The presentation of the affair itself is highly manipulative. It withholds from the viewer some very relevant facts. For example:

  • – That the post-mortems showed that nine of the 11 Israeli athletes were killed by the bullets of the pathetically untrained German policemen. (The post-mortem reports are kept secret until this very day, both in Israel and Germany. But a powerful person like Spielberg should know about them.)
  • – That it was Golda Meir and her German colleagues – great heroes, every one of them – who sealed the fate of the hostages, when they rejected the kidnappers’ demand to take them to an Arab country, where they would have surely been traded for Palestinian prisoners held in Israel.
  • – That the Palestinians, who were killed in revenge for Munich, had nothing to do with the affair. The Mossad was looking for easy targets and chose PLO diplomats posted to European capitals, who were quite unprotected.

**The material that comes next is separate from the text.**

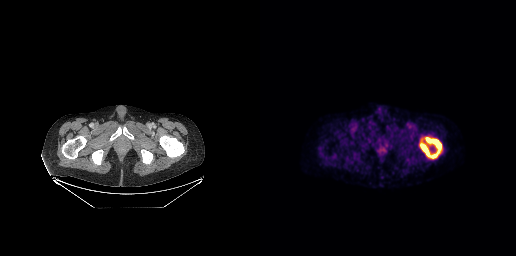
Coordinates are on the 256×256 PET (right) panel. PSMA-avid tumor lesion bounding box (x0,y0,x1,y1): [160,137,181,158].

But most of all I was repulsed by the Spielbergian vulgarity that runs through the whole film, including explicit sex scenes that are both gratuitous and particularly unaesthetic.

The film contributes nothing to an understanding of the conflict. It is basically a routine gangster film, which Spielberg centered on the Israeli-Palestinian conflict in order to garner the longed-for Oscars that have eluded him until now.